Find every line below with "CIRCLE" in it and give only how many there are.

START Source material

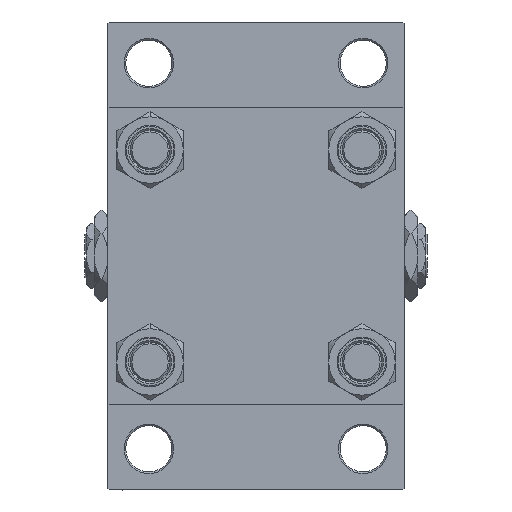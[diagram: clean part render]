
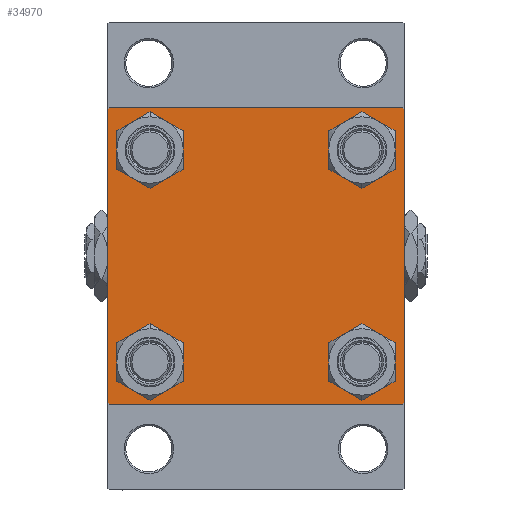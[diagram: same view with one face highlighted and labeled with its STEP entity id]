
A CAD part, left-side view. The second image highlights one B-rep face of the part: STEP entity #34970.
In plain terms, the highlighted planar face has unit normal (-1, 0, 0).
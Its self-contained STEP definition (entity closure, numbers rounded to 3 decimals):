
#122 = DIRECTION ( 'NONE',  ( 0., -0.707, -0.707 ) ) ;
#408 = DIRECTION ( 'NONE',  ( 0., 0., 1. ) ) ;
#1372 = DIRECTION ( 'NONE',  ( 1., 0., 0. ) ) ;
#1417 = VERTEX_POINT ( 'NONE', #31401 ) ;
#1556 = PLANE ( 'NONE',  #34194 ) ;
#1786 = DIRECTION ( 'NONE',  ( 0., 0., 1. ) ) ;
#2052 = CARTESIAN_POINT ( 'NONE',  ( 0., 32.15, 38.65 ) ) ;
#2069 = EDGE_CURVE ( 'NONE', #6518, #5884, #43895, .T. ) ;
#2628 = VERTEX_POINT ( 'NONE', #40074 ) ;
#2850 = EDGE_CURVE ( 'NONE', #17416, #14705, #40988, .T. ) ;
#3520 = DIRECTION ( 'NONE',  ( 0., -1., 0. ) ) ;
#3592 = EDGE_LOOP ( 'NONE', ( #46095, #10720 ) ) ;
#3643 = LINE ( 'NONE', #30139, #9904 ) ;
#3666 = CARTESIAN_POINT ( 'NONE',  ( 0., 44.75, 44.75 ) ) ;
#4207 = CARTESIAN_POINT ( 'NONE',  ( 0., 32.15, -32.15 ) ) ;
#4488 = DIRECTION ( 'NONE',  ( 1., 0., 0. ) ) ;
#4920 = ORIENTED_EDGE ( 'NONE', *, *, #20895, .T. ) ;
#5573 = EDGE_LOOP ( 'NONE', ( #40836, #21090 ) ) ;
#5721 = DIRECTION ( 'NONE',  ( 0., -0.707, 0.707 ) ) ;
#5795 = DIRECTION ( 'NONE',  ( 0., 0., 1. ) ) ;
#5800 = DIRECTION ( 'NONE',  ( 0., 0., -1. ) ) ;
#5884 = VERTEX_POINT ( 'NONE', #30131 ) ;
#6412 = ORIENTED_EDGE ( 'NONE', *, *, #28908, .T. ) ;
#6518 = VERTEX_POINT ( 'NONE', #20496 ) ;
#6807 = EDGE_LOOP ( 'NONE', ( #37851, #7655, #44123, #6412, #42619, #40316, #33365, #26022 ) ) ;
#6864 = VERTEX_POINT ( 'NONE', #46935 ) ;
#7234 = CARTESIAN_POINT ( 'NONE',  ( 0., 45., -45. ) ) ;
#7300 = CARTESIAN_POINT ( 'NONE',  ( 0., 32.15, 25.65 ) ) ;
#7585 = CARTESIAN_POINT ( 'NONE',  ( 0., 45., 45. ) ) ;
#7655 = ORIENTED_EDGE ( 'NONE', *, *, #22037, .T. ) ;
#7797 = EDGE_LOOP ( 'NONE', ( #4920, #26817 ) ) ;
#9163 = VERTEX_POINT ( 'NONE', #31911 ) ;
#9904 = VECTOR ( 'NONE', #29157, 1000. ) ;
#10720 = ORIENTED_EDGE ( 'NONE', *, *, #27232, .T. ) ;
#11342 = CARTESIAN_POINT ( 'NONE',  ( 0., 45., 44.5 ) ) ;
#11347 = AXIS2_PLACEMENT_3D ( 'NONE', #4207, #11877, #16070 ) ;
#11784 = DIRECTION ( 'NONE',  ( 0., -1., 0. ) ) ;
#11877 = DIRECTION ( 'NONE',  ( 1., 0., 0. ) ) ;
#11939 = CARTESIAN_POINT ( 'NONE',  ( 0., -32.15, -32.15 ) ) ;
#12399 = CARTESIAN_POINT ( 'NONE',  ( 0., -44.5, 45. ) ) ;
#12499 = VECTOR ( 'NONE', #5800, 1000. ) ;
#12676 = DIRECTION ( 'NONE',  ( 1., 0., 0. ) ) ;
#12996 = CIRCLE ( 'NONE', #39121, 6.5 ) ;
#13159 = CARTESIAN_POINT ( 'NONE',  ( 0., -32.15, -32.15 ) ) ;
#13342 = AXIS2_PLACEMENT_3D ( 'NONE', #46188, #23906, #408 ) ;
#13772 = DIRECTION ( 'NONE',  ( 1., 0., 0. ) ) ;
#14019 = CARTESIAN_POINT ( 'NONE',  ( 0., -32.15, 32.15 ) ) ;
#14111 = AXIS2_PLACEMENT_3D ( 'NONE', #24609, #1372, #5795 ) ;
#14705 = VERTEX_POINT ( 'NONE', #2052 ) ;
#14916 = ORIENTED_EDGE ( 'NONE', *, *, #39972, .T. ) ;
#16070 = DIRECTION ( 'NONE',  ( 0., 0., 1. ) ) ;
#16204 = CARTESIAN_POINT ( 'NONE',  ( 0., -32.15, 38.65 ) ) ;
#16635 = CARTESIAN_POINT ( 'NONE',  ( 0., 0., 0. ) ) ;
#16732 = VECTOR ( 'NONE', #3520, 1000. ) ;
#17416 = VERTEX_POINT ( 'NONE', #7300 ) ;
#17575 = CARTESIAN_POINT ( 'NONE',  ( 0., -44.75, -44.75 ) ) ;
#17755 = VECTOR ( 'NONE', #22468, 1000. ) ;
#17867 = VERTEX_POINT ( 'NONE', #12399 ) ;
#18163 = DIRECTION ( 'NONE',  ( 1., 0., 0. ) ) ;
#18180 = LINE ( 'NONE', #41449, #22859 ) ;
#18186 = VECTOR ( 'NONE', #11784, 1000. ) ;
#19207 = LINE ( 'NONE', #7585, #18186 ) ;
#20067 = VECTOR ( 'NONE', #39223, 1000. ) ;
#20101 = FACE_BOUND ( 'NONE', #3592, .T. ) ;
#20496 = CARTESIAN_POINT ( 'NONE',  ( 0., -45., 44.5 ) ) ;
#20584 = DIRECTION ( 'NONE',  ( 0., 0., 1. ) ) ;
#20588 = DIRECTION ( 'NONE',  ( -1., 0., 0. ) ) ;
#20724 = VECTOR ( 'NONE', #5721, 1000. ) ;
#20895 = EDGE_CURVE ( 'NONE', #14705, #17416, #42612, .T. ) ;
#21042 = AXIS2_PLACEMENT_3D ( 'NONE', #14019, #13772, #44717 ) ;
#21090 = ORIENTED_EDGE ( 'NONE', *, *, #36910, .T. ) ;
#21529 = CARTESIAN_POINT ( 'NONE',  ( 0., 44.5, 45. ) ) ;
#22037 = EDGE_CURVE ( 'NONE', #2628, #1417, #18180, .T. ) ;
#22349 = CARTESIAN_POINT ( 'NONE',  ( 0., 32.15, -38.65 ) ) ;
#22468 = DIRECTION ( 'NONE',  ( 0., 0.707, -0.707 ) ) ;
#22611 = CARTESIAN_POINT ( 'NONE',  ( 0., 32.15, -32.15 ) ) ;
#22714 = LINE ( 'NONE', #3666, #17755 ) ;
#22859 = VECTOR ( 'NONE', #122, 1000. ) ;
#23896 = CIRCLE ( 'NONE', #30233, 6.5 ) ;
#23906 = DIRECTION ( 'NONE',  ( 1., 0., 0. ) ) ;
#24122 = LINE ( 'NONE', #35527, #20067 ) ;
#24279 = DIRECTION ( 'NONE',  ( 0., 0., 1. ) ) ;
#24370 = EDGE_LOOP ( 'NONE', ( #14916, #39180 ) ) ;
#24592 = EDGE_CURVE ( 'NONE', #32408, #17867, #19207, .T. ) ;
#24609 = CARTESIAN_POINT ( 'NONE',  ( 0., 32.15, 32.15 ) ) ;
#25024 = VERTEX_POINT ( 'NONE', #16204 ) ;
#26022 = ORIENTED_EDGE ( 'NONE', *, *, #33330, .T. ) ;
#26817 = ORIENTED_EDGE ( 'NONE', *, *, #2850, .T. ) ;
#27168 = EDGE_CURVE ( 'NONE', #1417, #39608, #41148, .T. ) ;
#27232 = EDGE_CURVE ( 'NONE', #6864, #25024, #41230, .T. ) ;
#27520 = CARTESIAN_POINT ( 'NONE',  ( 0., -32.15, 32.15 ) ) ;
#27799 = DIRECTION ( 'NONE',  ( 0., 0., 1. ) ) ;
#28908 = EDGE_CURVE ( 'NONE', #39608, #5884, #44315, .T. ) ;
#29046 = CARTESIAN_POINT ( 'NONE',  ( 0., -32.15, -25.65 ) ) ;
#29157 = DIRECTION ( 'NONE',  ( 0., 0.707, 0.707 ) ) ;
#30131 = CARTESIAN_POINT ( 'NONE',  ( 0., -45., -44.5 ) ) ;
#30139 = CARTESIAN_POINT ( 'NONE',  ( 0., -44.75, 44.75 ) ) ;
#30233 = AXIS2_PLACEMENT_3D ( 'NONE', #13159, #12676, #27799 ) ;
#31268 = FACE_BOUND ( 'NONE', #5573, .T. ) ;
#31401 = CARTESIAN_POINT ( 'NONE',  ( 0., 44.5, -45. ) ) ;
#31911 = CARTESIAN_POINT ( 'NONE',  ( 0., 32.15, -25.65 ) ) ;
#32408 = VERTEX_POINT ( 'NONE', #21529 ) ;
#32533 = AXIS2_PLACEMENT_3D ( 'NONE', #27520, #4488, #24279 ) ;
#32829 = CARTESIAN_POINT ( 'NONE',  ( 0., -44.5, -45. ) ) ;
#33287 = DIRECTION ( 'NONE',  ( 0., 0., 1. ) ) ;
#33330 = EDGE_CURVE ( 'NONE', #32408, #38103, #22714, .T. ) ;
#33365 = ORIENTED_EDGE ( 'NONE', *, *, #24592, .F. ) ;
#34001 = VERTEX_POINT ( 'NONE', #22349 ) ;
#34194 = AXIS2_PLACEMENT_3D ( 'NONE', #16635, #20588, #1786 ) ;
#34321 = CARTESIAN_POINT ( 'NONE',  ( 0., -32.15, -38.65 ) ) ;
#34914 = EDGE_CURVE ( 'NONE', #35748, #36566, #23896, .T. ) ;
#34970 = ADVANCED_FACE ( 'NONE', ( #20101, #35228, #31268, #38439, #35474 ), #1556, .T. ) ;
#35228 = FACE_BOUND ( 'NONE', #24370, .T. ) ;
#35474 = FACE_OUTER_BOUND ( 'NONE', #6807, .T. ) ;
#35527 = CARTESIAN_POINT ( 'NONE',  ( 0., 45., 45. ) ) ;
#35748 = VERTEX_POINT ( 'NONE', #34321 ) ;
#36566 = VERTEX_POINT ( 'NONE', #29046 ) ;
#36613 = CIRCLE ( 'NONE', #11347, 6.5 ) ;
#36910 = EDGE_CURVE ( 'NONE', #34001, #9163, #36613, .T. ) ;
#37647 = CIRCLE ( 'NONE', #45550, 6.5 ) ;
#37851 = ORIENTED_EDGE ( 'NONE', *, *, #38526, .T. ) ;
#38103 = VERTEX_POINT ( 'NONE', #11342 ) ;
#38439 = FACE_BOUND ( 'NONE', #7797, .T. ) ;
#38526 = EDGE_CURVE ( 'NONE', #38103, #2628, #24122, .T. ) ;
#39121 = AXIS2_PLACEMENT_3D ( 'NONE', #11939, #39164, #20584 ) ;
#39164 = DIRECTION ( 'NONE',  ( 1., 0., 0. ) ) ;
#39180 = ORIENTED_EDGE ( 'NONE', *, *, #34914, .T. ) ;
#39223 = DIRECTION ( 'NONE',  ( 0., 0., -1. ) ) ;
#39608 = VERTEX_POINT ( 'NONE', #32829 ) ;
#39714 = CARTESIAN_POINT ( 'NONE',  ( 0., -45., 45. ) ) ;
#39972 = EDGE_CURVE ( 'NONE', #36566, #35748, #12996, .T. ) ;
#40074 = CARTESIAN_POINT ( 'NONE',  ( 0., 45., -44.5 ) ) ;
#40316 = ORIENTED_EDGE ( 'NONE', *, *, #46184, .T. ) ;
#40836 = ORIENTED_EDGE ( 'NONE', *, *, #44158, .T. ) ;
#40988 = CIRCLE ( 'NONE', #14111, 6.5 ) ;
#41148 = LINE ( 'NONE', #7234, #16732 ) ;
#41230 = CIRCLE ( 'NONE', #32533, 6.5 ) ;
#41449 = CARTESIAN_POINT ( 'NONE',  ( 0., 44.75, -44.75 ) ) ;
#42391 = CIRCLE ( 'NONE', #21042, 6.5 ) ;
#42612 = CIRCLE ( 'NONE', #13342, 6.5 ) ;
#42619 = ORIENTED_EDGE ( 'NONE', *, *, #2069, .F. ) ;
#43895 = LINE ( 'NONE', #39714, #12499 ) ;
#44123 = ORIENTED_EDGE ( 'NONE', *, *, #27168, .T. ) ;
#44158 = EDGE_CURVE ( 'NONE', #9163, #34001, #37647, .T. ) ;
#44315 = LINE ( 'NONE', #17575, #20724 ) ;
#44717 = DIRECTION ( 'NONE',  ( 0., 0., 1. ) ) ;
#45330 = EDGE_CURVE ( 'NONE', #25024, #6864, #42391, .T. ) ;
#45550 = AXIS2_PLACEMENT_3D ( 'NONE', #22611, #18163, #33287 ) ;
#46095 = ORIENTED_EDGE ( 'NONE', *, *, #45330, .T. ) ;
#46184 = EDGE_CURVE ( 'NONE', #6518, #17867, #3643, .T. ) ;
#46188 = CARTESIAN_POINT ( 'NONE',  ( 0., 32.15, 32.15 ) ) ;
#46935 = CARTESIAN_POINT ( 'NONE',  ( 0., -32.15, 25.65 ) ) ;

END Source material

# [Result]
8